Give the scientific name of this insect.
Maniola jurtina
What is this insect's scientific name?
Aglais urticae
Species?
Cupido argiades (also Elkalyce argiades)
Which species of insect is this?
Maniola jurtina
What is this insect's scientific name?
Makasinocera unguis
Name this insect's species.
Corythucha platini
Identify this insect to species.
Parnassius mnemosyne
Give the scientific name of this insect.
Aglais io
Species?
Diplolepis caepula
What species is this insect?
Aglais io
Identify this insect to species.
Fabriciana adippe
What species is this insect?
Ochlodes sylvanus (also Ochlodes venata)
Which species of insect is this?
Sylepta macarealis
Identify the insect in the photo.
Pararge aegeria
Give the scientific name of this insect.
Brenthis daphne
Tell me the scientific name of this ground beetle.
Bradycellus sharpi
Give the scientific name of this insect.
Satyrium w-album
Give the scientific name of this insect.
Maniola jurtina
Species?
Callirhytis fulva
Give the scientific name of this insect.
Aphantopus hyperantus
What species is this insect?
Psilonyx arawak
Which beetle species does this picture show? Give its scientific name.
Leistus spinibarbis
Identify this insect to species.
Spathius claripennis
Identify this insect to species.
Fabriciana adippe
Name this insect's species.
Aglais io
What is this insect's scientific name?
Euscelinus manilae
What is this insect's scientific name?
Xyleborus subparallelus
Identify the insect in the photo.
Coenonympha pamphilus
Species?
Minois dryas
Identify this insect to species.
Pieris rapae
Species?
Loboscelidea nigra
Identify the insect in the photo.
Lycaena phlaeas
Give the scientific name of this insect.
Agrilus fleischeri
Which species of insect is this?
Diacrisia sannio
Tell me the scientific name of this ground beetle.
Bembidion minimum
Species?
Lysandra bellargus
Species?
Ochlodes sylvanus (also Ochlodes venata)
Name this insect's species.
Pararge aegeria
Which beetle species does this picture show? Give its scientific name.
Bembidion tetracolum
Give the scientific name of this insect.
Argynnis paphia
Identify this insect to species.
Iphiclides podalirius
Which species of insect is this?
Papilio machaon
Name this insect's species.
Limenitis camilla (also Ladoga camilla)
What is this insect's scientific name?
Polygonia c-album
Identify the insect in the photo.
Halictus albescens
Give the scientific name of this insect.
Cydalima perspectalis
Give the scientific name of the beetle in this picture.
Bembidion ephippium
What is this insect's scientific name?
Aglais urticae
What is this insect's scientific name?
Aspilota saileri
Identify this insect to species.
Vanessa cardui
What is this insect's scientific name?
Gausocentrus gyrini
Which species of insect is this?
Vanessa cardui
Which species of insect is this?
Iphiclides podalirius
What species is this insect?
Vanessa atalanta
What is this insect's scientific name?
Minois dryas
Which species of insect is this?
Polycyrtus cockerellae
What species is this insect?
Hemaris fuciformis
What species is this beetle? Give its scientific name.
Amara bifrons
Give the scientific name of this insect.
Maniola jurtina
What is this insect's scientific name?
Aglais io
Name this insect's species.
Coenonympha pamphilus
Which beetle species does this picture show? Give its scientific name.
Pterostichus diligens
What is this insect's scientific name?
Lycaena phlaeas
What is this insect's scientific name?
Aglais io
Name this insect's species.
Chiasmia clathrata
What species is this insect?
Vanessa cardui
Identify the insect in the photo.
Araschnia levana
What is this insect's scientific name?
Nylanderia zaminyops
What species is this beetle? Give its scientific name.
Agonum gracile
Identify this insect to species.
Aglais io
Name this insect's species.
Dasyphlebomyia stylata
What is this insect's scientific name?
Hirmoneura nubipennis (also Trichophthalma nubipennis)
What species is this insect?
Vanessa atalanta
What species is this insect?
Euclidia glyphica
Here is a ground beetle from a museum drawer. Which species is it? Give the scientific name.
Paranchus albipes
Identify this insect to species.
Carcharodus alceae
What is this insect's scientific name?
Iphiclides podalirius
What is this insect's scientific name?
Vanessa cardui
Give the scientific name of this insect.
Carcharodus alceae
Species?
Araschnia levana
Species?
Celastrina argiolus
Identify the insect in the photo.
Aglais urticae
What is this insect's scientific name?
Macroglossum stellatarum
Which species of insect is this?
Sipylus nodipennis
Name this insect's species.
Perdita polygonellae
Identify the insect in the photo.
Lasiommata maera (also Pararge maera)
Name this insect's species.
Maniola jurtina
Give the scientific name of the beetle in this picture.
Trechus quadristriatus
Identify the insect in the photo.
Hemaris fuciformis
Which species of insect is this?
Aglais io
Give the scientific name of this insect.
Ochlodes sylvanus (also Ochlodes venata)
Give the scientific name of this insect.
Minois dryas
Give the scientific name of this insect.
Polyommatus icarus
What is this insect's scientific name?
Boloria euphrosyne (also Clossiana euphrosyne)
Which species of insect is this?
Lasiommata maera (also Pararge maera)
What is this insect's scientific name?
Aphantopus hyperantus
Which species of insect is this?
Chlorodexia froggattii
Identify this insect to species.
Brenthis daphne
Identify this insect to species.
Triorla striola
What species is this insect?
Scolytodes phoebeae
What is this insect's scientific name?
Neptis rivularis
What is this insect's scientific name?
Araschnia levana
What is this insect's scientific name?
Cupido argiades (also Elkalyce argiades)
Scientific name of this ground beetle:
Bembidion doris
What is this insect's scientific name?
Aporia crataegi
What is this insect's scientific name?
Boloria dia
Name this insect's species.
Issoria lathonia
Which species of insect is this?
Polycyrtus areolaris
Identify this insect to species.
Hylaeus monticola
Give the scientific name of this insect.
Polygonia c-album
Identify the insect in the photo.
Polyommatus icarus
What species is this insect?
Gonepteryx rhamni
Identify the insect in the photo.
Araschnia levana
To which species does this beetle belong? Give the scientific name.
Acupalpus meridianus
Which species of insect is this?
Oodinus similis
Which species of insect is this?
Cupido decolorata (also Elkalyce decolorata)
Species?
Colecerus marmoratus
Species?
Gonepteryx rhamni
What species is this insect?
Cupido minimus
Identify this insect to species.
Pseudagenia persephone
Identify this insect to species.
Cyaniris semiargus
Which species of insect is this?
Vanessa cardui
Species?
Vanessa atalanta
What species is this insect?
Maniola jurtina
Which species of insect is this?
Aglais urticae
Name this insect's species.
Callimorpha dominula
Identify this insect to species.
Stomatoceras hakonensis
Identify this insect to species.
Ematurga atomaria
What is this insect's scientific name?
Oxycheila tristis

_Required action_
Repeat the data above. Change nothing.

_Problem solution_
Give the scientific name of this insect.
Maniola jurtina
What is this insect's scientific name?
Aglais urticae
Species?
Cupido argiades (also Elkalyce argiades)
Which species of insect is this?
Maniola jurtina
What is this insect's scientific name?
Makasinocera unguis
Name this insect's species.
Corythucha platini
Identify this insect to species.
Parnassius mnemosyne
Give the scientific name of this insect.
Aglais io
Species?
Diplolepis caepula
What species is this insect?
Aglais io
Identify this insect to species.
Fabriciana adippe
What species is this insect?
Ochlodes sylvanus (also Ochlodes venata)
Which species of insect is this?
Sylepta macarealis
Identify the insect in the photo.
Pararge aegeria
Give the scientific name of this insect.
Brenthis daphne
Tell me the scientific name of this ground beetle.
Bradycellus sharpi
Give the scientific name of this insect.
Satyrium w-album
Give the scientific name of this insect.
Maniola jurtina
Species?
Callirhytis fulva
Give the scientific name of this insect.
Aphantopus hyperantus
What species is this insect?
Psilonyx arawak
Which beetle species does this picture show? Give its scientific name.
Leistus spinibarbis
Identify this insect to species.
Spathius claripennis
Identify this insect to species.
Fabriciana adippe
Name this insect's species.
Aglais io
What is this insect's scientific name?
Euscelinus manilae
What is this insect's scientific name?
Xyleborus subparallelus
Identify the insect in the photo.
Coenonympha pamphilus
Species?
Minois dryas
Identify this insect to species.
Pieris rapae
Species?
Loboscelidea nigra
Identify the insect in the photo.
Lycaena phlaeas
Give the scientific name of this insect.
Agrilus fleischeri
Which species of insect is this?
Diacrisia sannio
Tell me the scientific name of this ground beetle.
Bembidion minimum
Species?
Lysandra bellargus
Species?
Ochlodes sylvanus (also Ochlodes venata)
Name this insect's species.
Pararge aegeria
Which beetle species does this picture show? Give its scientific name.
Bembidion tetracolum
Give the scientific name of this insect.
Argynnis paphia
Identify this insect to species.
Iphiclides podalirius
Which species of insect is this?
Papilio machaon
Name this insect's species.
Limenitis camilla (also Ladoga camilla)
What is this insect's scientific name?
Polygonia c-album
Identify the insect in the photo.
Halictus albescens
Give the scientific name of this insect.
Cydalima perspectalis
Give the scientific name of the beetle in this picture.
Bembidion ephippium
What is this insect's scientific name?
Aglais urticae
What is this insect's scientific name?
Aspilota saileri
Identify this insect to species.
Vanessa cardui
What is this insect's scientific name?
Gausocentrus gyrini
Which species of insect is this?
Vanessa cardui
Which species of insect is this?
Iphiclides podalirius
What species is this insect?
Vanessa atalanta
What is this insect's scientific name?
Minois dryas
Which species of insect is this?
Polycyrtus cockerellae
What species is this insect?
Hemaris fuciformis
What species is this beetle? Give its scientific name.
Amara bifrons
Give the scientific name of this insect.
Maniola jurtina
What is this insect's scientific name?
Aglais io
Name this insect's species.
Coenonympha pamphilus
Which beetle species does this picture show? Give its scientific name.
Pterostichus diligens
What is this insect's scientific name?
Lycaena phlaeas
What is this insect's scientific name?
Aglais io
Name this insect's species.
Chiasmia clathrata
What species is this insect?
Vanessa cardui
Identify the insect in the photo.
Araschnia levana
What is this insect's scientific name?
Nylanderia zaminyops
What species is this beetle? Give its scientific name.
Agonum gracile
Identify this insect to species.
Aglais io
Name this insect's species.
Dasyphlebomyia stylata
What is this insect's scientific name?
Hirmoneura nubipennis (also Trichophthalma nubipennis)
What species is this insect?
Vanessa atalanta
What species is this insect?
Euclidia glyphica
Here is a ground beetle from a museum drawer. Which species is it? Give the scientific name.
Paranchus albipes
Identify this insect to species.
Carcharodus alceae
What is this insect's scientific name?
Iphiclides podalirius
What is this insect's scientific name?
Vanessa cardui
Give the scientific name of this insect.
Carcharodus alceae
Species?
Araschnia levana
Species?
Celastrina argiolus
Identify the insect in the photo.
Aglais urticae
What is this insect's scientific name?
Macroglossum stellatarum
Which species of insect is this?
Sipylus nodipennis
Name this insect's species.
Perdita polygonellae
Identify the insect in the photo.
Lasiommata maera (also Pararge maera)
Name this insect's species.
Maniola jurtina
Give the scientific name of the beetle in this picture.
Trechus quadristriatus
Identify the insect in the photo.
Hemaris fuciformis
Which species of insect is this?
Aglais io
Give the scientific name of this insect.
Ochlodes sylvanus (also Ochlodes venata)
Give the scientific name of this insect.
Minois dryas
Give the scientific name of this insect.
Polyommatus icarus
What is this insect's scientific name?
Boloria euphrosyne (also Clossiana euphrosyne)
Which species of insect is this?
Lasiommata maera (also Pararge maera)
What is this insect's scientific name?
Aphantopus hyperantus
Which species of insect is this?
Chlorodexia froggattii
Identify this insect to species.
Brenthis daphne
Identify this insect to species.
Triorla striola
What species is this insect?
Scolytodes phoebeae
What is this insect's scientific name?
Neptis rivularis
What is this insect's scientific name?
Araschnia levana
What is this insect's scientific name?
Cupido argiades (also Elkalyce argiades)
Scientific name of this ground beetle:
Bembidion doris
What is this insect's scientific name?
Aporia crataegi
What is this insect's scientific name?
Boloria dia
Name this insect's species.
Issoria lathonia
Which species of insect is this?
Polycyrtus areolaris
Identify this insect to species.
Hylaeus monticola
Give the scientific name of this insect.
Polygonia c-album
Identify the insect in the photo.
Polyommatus icarus
What species is this insect?
Gonepteryx rhamni
Identify the insect in the photo.
Araschnia levana
To which species does this beetle belong? Give the scientific name.
Acupalpus meridianus
Which species of insect is this?
Oodinus similis
Which species of insect is this?
Cupido decolorata (also Elkalyce decolorata)
Species?
Colecerus marmoratus
Species?
Gonepteryx rhamni
What species is this insect?
Cupido minimus
Identify this insect to species.
Pseudagenia persephone
Identify this insect to species.
Cyaniris semiargus
Which species of insect is this?
Vanessa cardui
Species?
Vanessa atalanta
What species is this insect?
Maniola jurtina
Which species of insect is this?
Aglais urticae
Name this insect's species.
Callimorpha dominula
Identify this insect to species.
Stomatoceras hakonensis
Identify this insect to species.
Ematurga atomaria
What is this insect's scientific name?
Oxycheila tristis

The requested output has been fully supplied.